BEGIN Given records

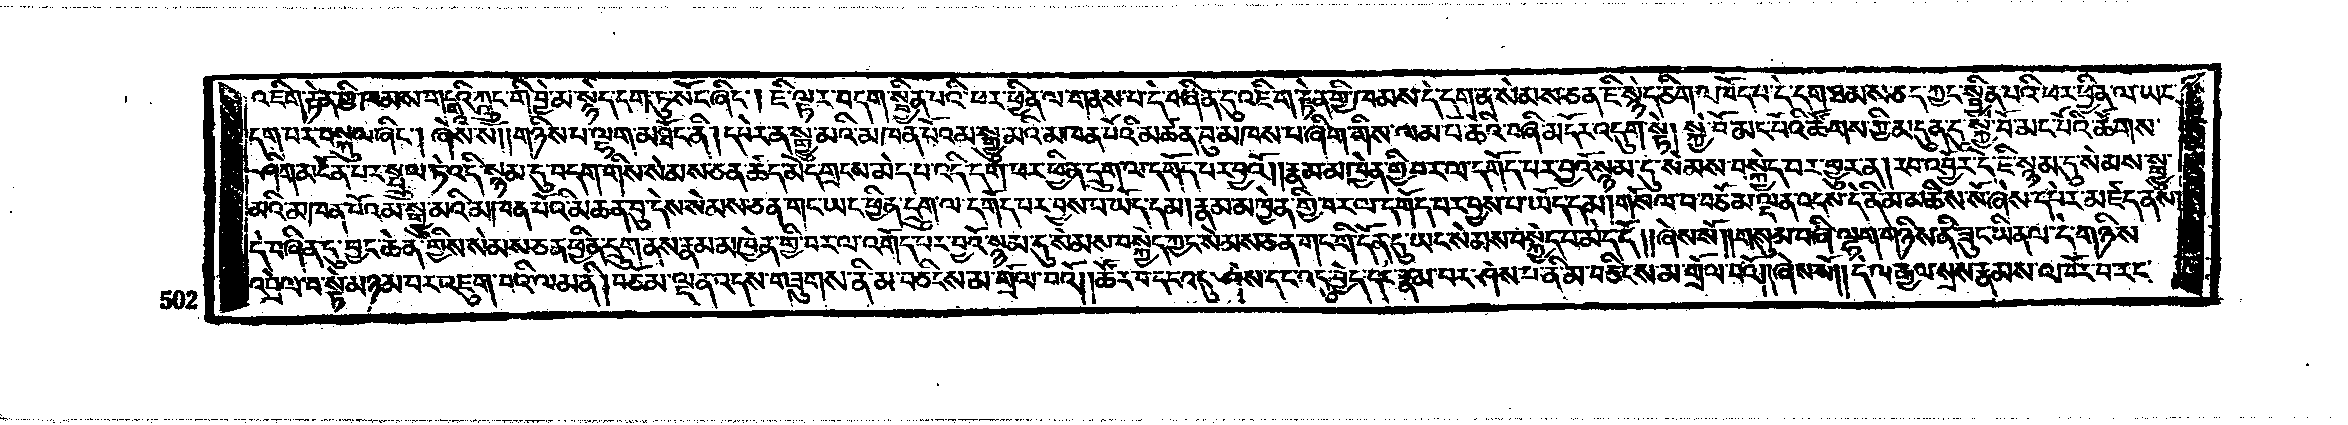འཇིག་རྟེན་གྱི་ཁམས་གངྒཱའི་ཀླུང་གི་བྱེ་མ་སྙེད་དག་ཏུ་སོང་ཞིང་། ཇི་ལྟར་བདག་སྦྱིན་པའི་ཕར་ཕྱིན་ལ་གནས་པ་དེ་བཞིན་དུ་འཇིག་རྟེན་གྱི་ཁམས་དེ་དག་ན་སེམས་ཅན་ཇི་སྙེད་ཅིག་འཁོད་པ་དེ་དག་ཐམས་ཅད་ཀྱང་སྦྱིན་པའི་ཕར་ཕྱིན་ལ་ཡང་
དག་པར་བསྐུལ་ཞིང་། ཞེས་སོ། །གཉིས་པ་ལྷག་མཐོང་ནི། དཔེར་ན་སྒྱུ་མའི་མཁན་པོའམ་སྒྱུ་མའི་མཁན་པོའི་མཚན་བུ་མཁས་པ་ཞིག་གིས་ལམ་པོ་ཆེའི་བཞི་མདོར་འདུག་སྟེ། སྐྱེ་བོ་མང་པོའི་ཚོགས་ཀྱི་མདུན་དུ་སྐྱེ་བོ་མང་པོའི་ཚོགས་
ཤིག་མངོན་པར་སྤྲུལ་ཏེ་འདི་སྙམ་དུ་བདག་གིས་སེམས་ཅན་ཚད་མེད་གྲངས་མེད་པ་འདི་དག་ཕར་ཕྱིན་དྲུག་ལ་དགོད་པར་བྱའོ། །རྣམ་མཁྱེན་གྱི་བར་ལ་དགོད་པར་བྱའོ་སྙམ་དུ་སེམས་བསྐྱེད་པར་གྱུར་ན། རབ་འབྱོར་དེ་ཇི་སྙམ་དུ་སེམས་སྒྱུ་
མའི་མཁན་པོའམ་སྒྱུ་མའི་མཁན་པོའི་མཆན་བུ་དེས་སེམས་ཅན་གང་ཡང་ཕྱིན་དྲུག་ལ་དགོད་པར་བྱས་པ་ཡོད་དམ། རྣམ་མཁྱེན་གྱི་བར་ལ་དགོད་པར་བྱས་པ་ཡོད་དམ། གསོལ་པ་བཅོམ་ལྡན་འདས་དེ་ནི་མ་མཆིས་སོ་ཞེས་དཔེར་མཛད་ནས་
དེ་བཞིན་དུ་བྱང་ཆེན་གྱིས་སེམས་ཅན་ཕྱིན་དྲུག་ནས་རྣམ་མཁྱེན་གྱི་བར་ལ་འགོད་པར་བྱའོ་སྙམ་དུ་སེམས་བསྐྱེད་ཀྱང་སེམས་ཅན་གང་གི་དོན་དུ་ཡང་སེམས་བསྐྱེད་པ་མེད་དོ། །ཞེས་སོ། །གསུམ་བཞི་ལྷག་གཉིས་ནི་ཟུང་ཡིན་ལ་དེ་གཉིས་
འབྲེལ་བ་སྟེ་མཉམ་པར་འཇུག་པའི་ལམ་ནི། བཅོམ་ལྡན་འདས་གཟུགས་ནི་མ་བཅིངས་མ་གྲོལ་བའོ། །ཚོར་བ་དང་འདུ་ཤེས་དང་འདུ་བྱེད་དང་རྣམ་པར་ཤེས་པ་ནི་མ་བཅིངས་མ་གྲོལ་བའོ། །ཞེས་སོ། །དེ་ལ་རྒྱལ་སྲས་རྣམས་འཁོར་བ་རང་

END Given records

#### [What the exercise asks]
The records above should be written out in full and unchanged, except that pictures are dropped.

#### [Finished task]
འཇིག་རྟེན་གྱི་ཁམས་གངྒཱའི་ཀླུང་གི་བྱེ་མ་སྙེད་དག་ཏུ་སོང་ཞིང་། ཇི་ལྟར་བདག་སྦྱིན་པའི་ཕར་ཕྱིན་ལ་གནས་པ་དེ་བཞིན་དུ་འཇིག་རྟེན་གྱི་ཁམས་དེ་དག་ན་སེམས་ཅན་ཇི་སྙེད་ཅིག་འཁོད་པ་དེ་དག་ཐམས་ཅད་ཀྱང་སྦྱིན་པའི་ཕར་ཕྱིན་ལ་ཡང་
དག་པར་བསྐུལ་ཞིང་། ཞེས་སོ། །གཉིས་པ་ལྷག་མཐོང་ནི། དཔེར་ན་སྒྱུ་མའི་མཁན་པོའམ་སྒྱུ་མའི་མཁན་པོའི་མཚན་བུ་མཁས་པ་ཞིག་གིས་ལམ་པོ་ཆེའི་བཞི་མདོར་འདུག་སྟེ། སྐྱེ་བོ་མང་པོའི་ཚོགས་ཀྱི་མདུན་དུ་སྐྱེ་བོ་མང་པོའི་ཚོགས་
ཤིག་མངོན་པར་སྤྲུལ་ཏེ་འདི་སྙམ་དུ་བདག་གིས་སེམས་ཅན་ཚད་མེད་གྲངས་མེད་པ་འདི་དག་ཕར་ཕྱིན་དྲུག་ལ་དགོད་པར་བྱའོ། །རྣམ་མཁྱེན་གྱི་བར་ལ་དགོད་པར་བྱའོ་སྙམ་དུ་སེམས་བསྐྱེད་པར་གྱུར་ན། རབ་འབྱོར་དེ་ཇི་སྙམ་དུ་སེམས་སྒྱུ་
མའི་མཁན་པོའམ་སྒྱུ་མའི་མཁན་པོའི་མཆན་བུ་དེས་སེམས་ཅན་གང་ཡང་ཕྱིན་དྲུག་ལ་དགོད་པར་བྱས་པ་ཡོད་དམ། རྣམ་མཁྱེན་གྱི་བར་ལ་དགོད་པར་བྱས་པ་ཡོད་དམ། གསོལ་པ་བཅོམ་ལྡན་འདས་དེ་ནི་མ་མཆིས་སོ་ཞེས་དཔེར་མཛད་ནས་
དེ་བཞིན་དུ་བྱང་ཆེན་གྱིས་སེམས་ཅན་ཕྱིན་དྲུག་ནས་རྣམ་མཁྱེན་གྱི་བར་ལ་འགོད་པར་བྱའོ་སྙམ་དུ་སེམས་བསྐྱེད་ཀྱང་སེམས་ཅན་གང་གི་དོན་དུ་ཡང་སེམས་བསྐྱེད་པ་མེད་དོ། །ཞེས་སོ། །གསུམ་བཞི་ལྷག་གཉིས་ནི་ཟུང་ཡིན་ལ་དེ་གཉིས་
འབྲེལ་བ་སྟེ་མཉམ་པར་འཇུག་པའི་ལམ་ནི། བཅོམ་ལྡན་འདས་གཟུགས་ནི་མ་བཅིངས་མ་གྲོལ་བའོ། །ཚོར་བ་དང་འདུ་ཤེས་དང་འདུ་བྱེད་དང་རྣམ་པར་ཤེས་པ་ནི་མ་བཅིངས་མ་གྲོལ་བའོ། །ཞེས་སོ། །དེ་ལ་རྒྱལ་སྲས་རྣམས་འཁོར་བ་རང་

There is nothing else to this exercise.